- TASK DESCRIPTION -
Print out every record below, exactly as written.

+++

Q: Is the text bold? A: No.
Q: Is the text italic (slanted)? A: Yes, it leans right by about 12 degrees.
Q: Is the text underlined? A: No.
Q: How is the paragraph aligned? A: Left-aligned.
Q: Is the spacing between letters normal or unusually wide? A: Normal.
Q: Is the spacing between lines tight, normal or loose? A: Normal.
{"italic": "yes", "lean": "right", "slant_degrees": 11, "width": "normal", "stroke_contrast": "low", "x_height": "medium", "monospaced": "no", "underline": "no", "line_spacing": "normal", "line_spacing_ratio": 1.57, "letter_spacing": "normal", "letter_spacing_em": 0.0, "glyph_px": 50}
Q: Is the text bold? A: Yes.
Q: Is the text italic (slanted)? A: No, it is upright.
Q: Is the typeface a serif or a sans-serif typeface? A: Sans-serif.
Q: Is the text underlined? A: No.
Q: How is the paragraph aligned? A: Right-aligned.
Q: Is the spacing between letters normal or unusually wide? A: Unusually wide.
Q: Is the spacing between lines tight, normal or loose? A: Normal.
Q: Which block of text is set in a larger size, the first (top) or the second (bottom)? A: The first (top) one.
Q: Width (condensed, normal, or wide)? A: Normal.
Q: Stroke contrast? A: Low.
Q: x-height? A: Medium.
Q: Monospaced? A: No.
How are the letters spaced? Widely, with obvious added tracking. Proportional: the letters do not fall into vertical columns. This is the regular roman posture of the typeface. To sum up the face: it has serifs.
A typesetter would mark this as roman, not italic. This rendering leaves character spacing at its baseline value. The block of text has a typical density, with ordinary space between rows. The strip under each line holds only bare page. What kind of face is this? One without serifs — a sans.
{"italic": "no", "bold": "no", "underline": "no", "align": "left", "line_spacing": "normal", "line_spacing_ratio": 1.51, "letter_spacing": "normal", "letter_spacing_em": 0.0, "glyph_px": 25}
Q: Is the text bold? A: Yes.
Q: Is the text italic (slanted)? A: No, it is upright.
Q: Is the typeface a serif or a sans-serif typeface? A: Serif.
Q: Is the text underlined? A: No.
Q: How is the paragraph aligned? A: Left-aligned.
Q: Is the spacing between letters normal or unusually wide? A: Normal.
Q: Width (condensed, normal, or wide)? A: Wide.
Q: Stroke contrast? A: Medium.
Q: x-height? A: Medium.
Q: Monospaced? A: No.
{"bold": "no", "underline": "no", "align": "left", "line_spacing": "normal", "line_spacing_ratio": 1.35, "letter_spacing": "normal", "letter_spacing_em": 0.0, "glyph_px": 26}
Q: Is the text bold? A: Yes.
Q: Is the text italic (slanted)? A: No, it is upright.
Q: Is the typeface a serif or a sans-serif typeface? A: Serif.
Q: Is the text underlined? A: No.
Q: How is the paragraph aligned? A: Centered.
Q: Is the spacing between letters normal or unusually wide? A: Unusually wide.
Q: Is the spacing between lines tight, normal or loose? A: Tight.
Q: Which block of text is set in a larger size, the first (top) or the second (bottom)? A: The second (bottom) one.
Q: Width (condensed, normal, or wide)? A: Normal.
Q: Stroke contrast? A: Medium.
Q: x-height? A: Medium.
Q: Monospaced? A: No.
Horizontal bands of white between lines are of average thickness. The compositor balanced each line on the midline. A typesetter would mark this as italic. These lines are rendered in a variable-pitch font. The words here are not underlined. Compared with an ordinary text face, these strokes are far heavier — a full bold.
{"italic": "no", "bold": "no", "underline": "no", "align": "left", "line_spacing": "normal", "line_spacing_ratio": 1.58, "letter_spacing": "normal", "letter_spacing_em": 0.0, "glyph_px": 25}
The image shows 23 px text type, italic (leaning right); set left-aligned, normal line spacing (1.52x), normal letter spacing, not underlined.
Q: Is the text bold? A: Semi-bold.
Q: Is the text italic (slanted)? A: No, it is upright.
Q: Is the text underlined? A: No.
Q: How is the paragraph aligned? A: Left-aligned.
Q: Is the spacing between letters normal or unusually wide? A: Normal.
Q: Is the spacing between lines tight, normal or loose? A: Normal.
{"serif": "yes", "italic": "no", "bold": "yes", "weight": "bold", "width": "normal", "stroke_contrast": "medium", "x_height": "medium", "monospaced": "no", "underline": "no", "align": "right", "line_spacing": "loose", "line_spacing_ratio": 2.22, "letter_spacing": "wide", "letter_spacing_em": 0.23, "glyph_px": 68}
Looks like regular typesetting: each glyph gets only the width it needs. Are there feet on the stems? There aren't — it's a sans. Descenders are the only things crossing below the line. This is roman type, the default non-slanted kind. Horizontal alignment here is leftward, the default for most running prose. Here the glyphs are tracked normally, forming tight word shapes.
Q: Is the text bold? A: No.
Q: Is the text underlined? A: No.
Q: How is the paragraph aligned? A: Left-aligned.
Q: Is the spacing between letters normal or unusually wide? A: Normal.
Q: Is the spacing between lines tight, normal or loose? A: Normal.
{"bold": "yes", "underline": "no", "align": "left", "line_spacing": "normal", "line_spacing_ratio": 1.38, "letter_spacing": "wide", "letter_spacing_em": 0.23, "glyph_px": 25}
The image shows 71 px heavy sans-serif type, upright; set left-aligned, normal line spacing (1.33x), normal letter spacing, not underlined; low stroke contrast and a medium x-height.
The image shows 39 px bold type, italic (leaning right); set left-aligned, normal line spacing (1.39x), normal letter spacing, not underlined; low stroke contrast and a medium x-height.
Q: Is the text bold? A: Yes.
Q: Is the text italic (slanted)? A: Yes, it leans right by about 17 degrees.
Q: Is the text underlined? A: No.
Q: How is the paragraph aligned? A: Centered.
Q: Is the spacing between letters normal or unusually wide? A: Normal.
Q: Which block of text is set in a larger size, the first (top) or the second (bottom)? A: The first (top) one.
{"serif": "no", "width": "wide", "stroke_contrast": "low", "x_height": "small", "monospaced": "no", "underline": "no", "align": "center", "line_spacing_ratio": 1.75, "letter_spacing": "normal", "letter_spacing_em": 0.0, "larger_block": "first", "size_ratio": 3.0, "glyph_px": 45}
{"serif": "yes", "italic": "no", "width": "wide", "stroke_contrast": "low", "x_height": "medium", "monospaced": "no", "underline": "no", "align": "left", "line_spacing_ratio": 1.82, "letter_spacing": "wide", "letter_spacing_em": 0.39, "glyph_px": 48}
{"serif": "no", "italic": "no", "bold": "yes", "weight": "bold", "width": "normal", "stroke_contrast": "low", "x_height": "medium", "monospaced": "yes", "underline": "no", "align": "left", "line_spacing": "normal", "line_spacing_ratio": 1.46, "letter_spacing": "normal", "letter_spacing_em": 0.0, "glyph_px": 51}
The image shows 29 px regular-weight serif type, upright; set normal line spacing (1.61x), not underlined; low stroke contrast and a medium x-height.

+++

- RESULT FOR THIS TASK -
Q: Is the text bold? A: No.
Q: Is the text italic (slanted)? A: Yes, it leans right by about 12 degrees.
Q: Is the text underlined? A: No.
Q: How is the paragraph aligned? A: Left-aligned.
Q: Is the spacing between letters normal or unusually wide? A: Normal.
Q: Is the spacing between lines tight, normal or loose? A: Normal.
{"italic": "yes", "lean": "right", "slant_degrees": 11, "width": "normal", "stroke_contrast": "low", "x_height": "medium", "monospaced": "no", "underline": "no", "line_spacing": "normal", "line_spacing_ratio": 1.57, "letter_spacing": "normal", "letter_spacing_em": 0.0, "glyph_px": 50}
Q: Is the text bold? A: Yes.
Q: Is the text italic (slanted)? A: No, it is upright.
Q: Is the typeface a serif or a sans-serif typeface? A: Sans-serif.
Q: Is the text underlined? A: No.
Q: How is the paragraph aligned? A: Right-aligned.
Q: Is the spacing between letters normal or unusually wide? A: Unusually wide.
Q: Is the spacing between lines tight, normal or loose? A: Normal.
Q: Which block of text is set in a larger size, the first (top) or the second (bottom)? A: The first (top) one.
Q: Width (condensed, normal, or wide)? A: Normal.
Q: Stroke contrast? A: Low.
Q: x-height? A: Medium.
Q: Monospaced? A: No.
How are the letters spaced? Widely, with obvious added tracking. Proportional: the letters do not fall into vertical columns. This is the regular roman posture of the typeface. To sum up the face: it has serifs.
A typesetter would mark this as roman, not italic. This rendering leaves character spacing at its baseline value. The block of text has a typical density, with ordinary space between rows. The strip under each line holds only bare page. What kind of face is this? One without serifs — a sans.
{"italic": "no", "bold": "no", "underline": "no", "align": "left", "line_spacing": "normal", "line_spacing_ratio": 1.51, "letter_spacing": "normal", "letter_spacing_em": 0.0, "glyph_px": 25}
Q: Is the text bold? A: Yes.
Q: Is the text italic (slanted)? A: No, it is upright.
Q: Is the typeface a serif or a sans-serif typeface? A: Serif.
Q: Is the text underlined? A: No.
Q: How is the paragraph aligned? A: Left-aligned.
Q: Is the spacing between letters normal or unusually wide? A: Normal.
Q: Width (condensed, normal, or wide)? A: Wide.
Q: Stroke contrast? A: Medium.
Q: x-height? A: Medium.
Q: Monospaced? A: No.
{"bold": "no", "underline": "no", "align": "left", "line_spacing": "normal", "line_spacing_ratio": 1.35, "letter_spacing": "normal", "letter_spacing_em": 0.0, "glyph_px": 26}
Q: Is the text bold? A: Yes.
Q: Is the text italic (slanted)? A: No, it is upright.
Q: Is the typeface a serif or a sans-serif typeface? A: Serif.
Q: Is the text underlined? A: No.
Q: How is the paragraph aligned? A: Centered.
Q: Is the spacing between letters normal or unusually wide? A: Unusually wide.
Q: Is the spacing between lines tight, normal or loose? A: Tight.
Q: Which block of text is set in a larger size, the first (top) or the second (bottom)? A: The second (bottom) one.
Q: Width (condensed, normal, or wide)? A: Normal.
Q: Stroke contrast? A: Medium.
Q: x-height? A: Medium.
Q: Monospaced? A: No.
Horizontal bands of white between lines are of average thickness. The compositor balanced each line on the midline. A typesetter would mark this as italic. These lines are rendered in a variable-pitch font. The words here are not underlined. Compared with an ordinary text face, these strokes are far heavier — a full bold.
{"italic": "no", "bold": "no", "underline": "no", "align": "left", "line_spacing": "normal", "line_spacing_ratio": 1.58, "letter_spacing": "normal", "letter_spacing_em": 0.0, "glyph_px": 25}
The image shows 23 px text type, italic (leaning right); set left-aligned, normal line spacing (1.52x), normal letter spacing, not underlined.
Q: Is the text bold? A: Semi-bold.
Q: Is the text italic (slanted)? A: No, it is upright.
Q: Is the text underlined? A: No.
Q: How is the paragraph aligned? A: Left-aligned.
Q: Is the spacing between letters normal or unusually wide? A: Normal.
Q: Is the spacing between lines tight, normal or loose? A: Normal.
{"serif": "yes", "italic": "no", "bold": "yes", "weight": "bold", "width": "normal", "stroke_contrast": "medium", "x_height": "medium", "monospaced": "no", "underline": "no", "align": "right", "line_spacing": "loose", "line_spacing_ratio": 2.22, "letter_spacing": "wide", "letter_spacing_em": 0.23, "glyph_px": 68}
Looks like regular typesetting: each glyph gets only the width it needs. Are there feet on the stems? There aren't — it's a sans. Descenders are the only things crossing below the line. This is roman type, the default non-slanted kind. Horizontal alignment here is leftward, the default for most running prose. Here the glyphs are tracked normally, forming tight word shapes.
Q: Is the text bold? A: No.
Q: Is the text underlined? A: No.
Q: How is the paragraph aligned? A: Left-aligned.
Q: Is the spacing between letters normal or unusually wide? A: Normal.
Q: Is the spacing between lines tight, normal or loose? A: Normal.
{"bold": "yes", "underline": "no", "align": "left", "line_spacing": "normal", "line_spacing_ratio": 1.38, "letter_spacing": "wide", "letter_spacing_em": 0.23, "glyph_px": 25}
The image shows 71 px heavy sans-serif type, upright; set left-aligned, normal line spacing (1.33x), normal letter spacing, not underlined; low stroke contrast and a medium x-height.
The image shows 39 px bold type, italic (leaning right); set left-aligned, normal line spacing (1.39x), normal letter spacing, not underlined; low stroke contrast and a medium x-height.
Q: Is the text bold? A: Yes.
Q: Is the text italic (slanted)? A: Yes, it leans right by about 17 degrees.
Q: Is the text underlined? A: No.
Q: How is the paragraph aligned? A: Centered.
Q: Is the spacing between letters normal or unusually wide? A: Normal.
Q: Which block of text is set in a larger size, the first (top) or the second (bottom)? A: The first (top) one.
{"serif": "no", "width": "wide", "stroke_contrast": "low", "x_height": "small", "monospaced": "no", "underline": "no", "align": "center", "line_spacing_ratio": 1.75, "letter_spacing": "normal", "letter_spacing_em": 0.0, "larger_block": "first", "size_ratio": 3.0, "glyph_px": 45}
{"serif": "yes", "italic": "no", "width": "wide", "stroke_contrast": "low", "x_height": "medium", "monospaced": "no", "underline": "no", "align": "left", "line_spacing_ratio": 1.82, "letter_spacing": "wide", "letter_spacing_em": 0.39, "glyph_px": 48}
{"serif": "no", "italic": "no", "bold": "yes", "weight": "bold", "width": "normal", "stroke_contrast": "low", "x_height": "medium", "monospaced": "yes", "underline": "no", "align": "left", "line_spacing": "normal", "line_spacing_ratio": 1.46, "letter_spacing": "normal", "letter_spacing_em": 0.0, "glyph_px": 51}
The image shows 29 px regular-weight serif type, upright; set normal line spacing (1.61x), not underlined; low stroke contrast and a medium x-height.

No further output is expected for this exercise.